On Tue, 4 Jan 2022, Rohit Kumar wrote:
On 03/01/22 7:12 pm, Ani Sinha wrote:
>
> On Wed, 22 Dec 2021, Rohit Kumar wrote:
>
> > This patch is to determine the VM which had IO or socket hangup error.
> > Accessing directly vm->def->name inside qemuMonitorIO() or
> > qemuMonitorSend()
> > might leads to illegal access as we are out of 'vm' context and
vm->def
> > might
> > not exist. Adding a field "domainName" inside mon object to access vm
name
> > and initialising it when creating mon object.

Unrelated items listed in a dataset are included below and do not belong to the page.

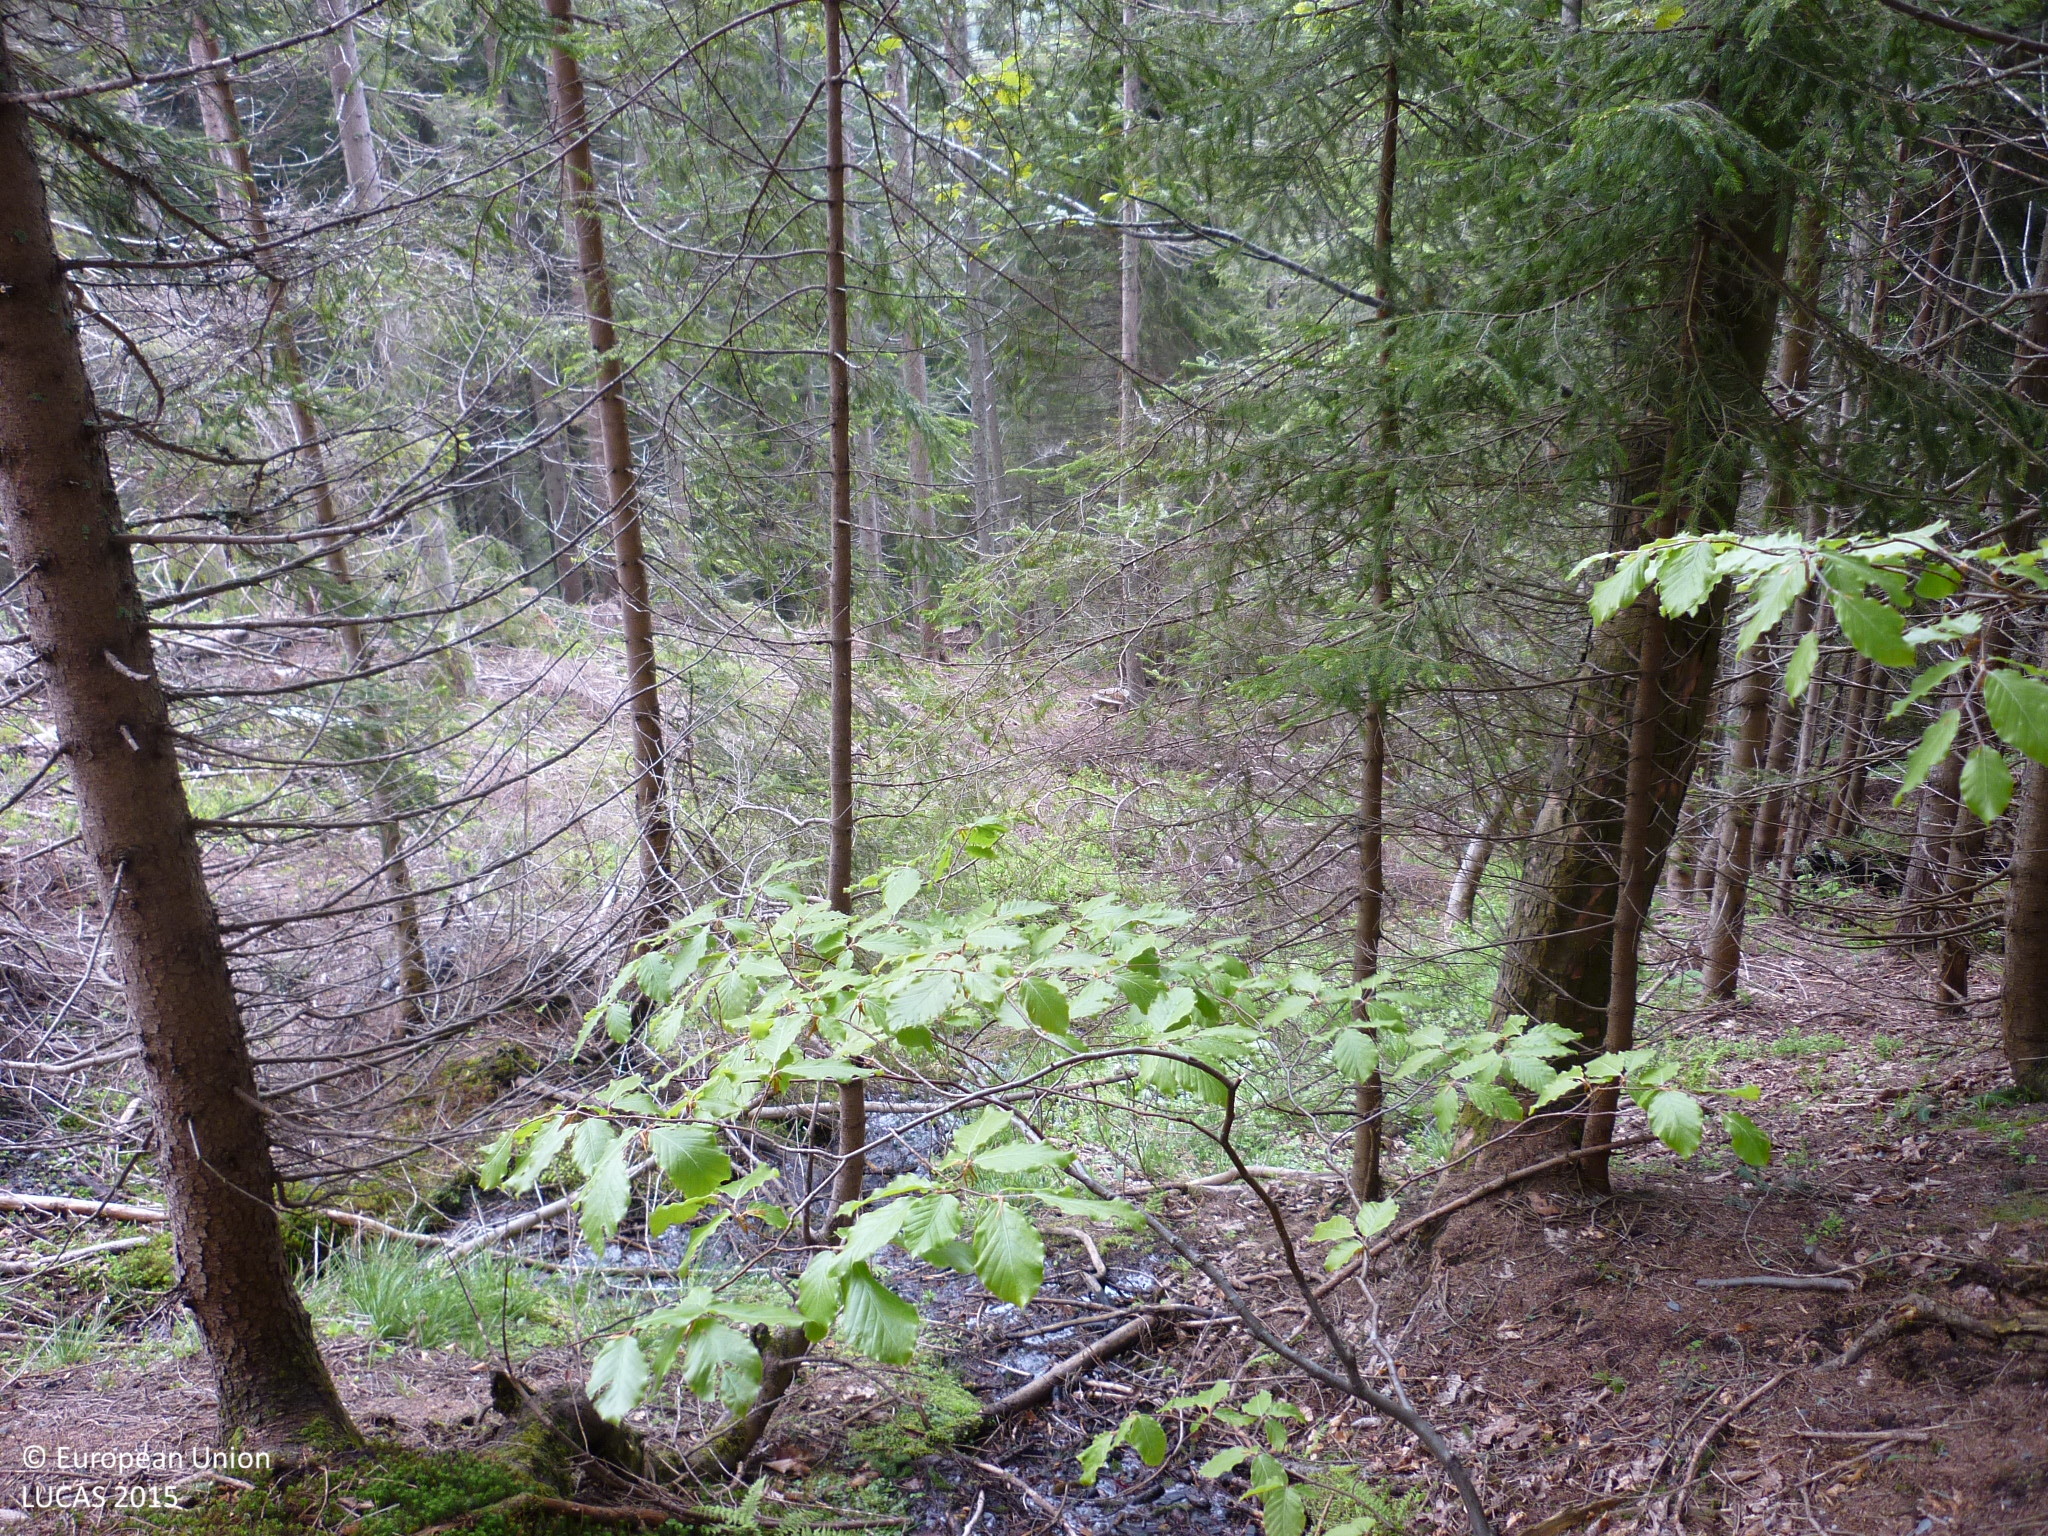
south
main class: Woodland
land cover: Spruce dominated coniferous woodland
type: alpine coniferous forest
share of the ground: > 75 %
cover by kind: coniferous forest trees 85 %, broadleaved forest trees 5 %, herbaceous plants 5 %, lichens and mosses 5 %
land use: Forestry
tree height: > 5 m
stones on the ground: 10 - 25 %
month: May
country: AT
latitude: 47.4560
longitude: 14.7081

> The commit message should desribe the purpose of the change, not how it is
> done. That can be easily understood reading the code. As for why the
> implementation follows a particular way, we can explain it in the code
> comments.
>
> This change adds the domain name in the error and debug logs during
> monitor IO processing so that we may infer which VM experienced those
> errors etc. This may help in debugging monitor IO errors. IMHO this
> decription is enough.
Thanks Ani, I will update the commit message in the next patch.
>
> > Signed-off-by: Rohit Kumar <rohit.kumar3(a)nutanix.com>
> > ---
> > diff to v1:
> > - Adding a field domainName inside _qemuMonitor struct for accessing vm
> > name
> > instead of directly accessing mon->vm->def->name.
> > - Link to v1:
> >
https://urldefense.proofpoint.com/v2/url?u=https-3A__listman.redhat.com_a...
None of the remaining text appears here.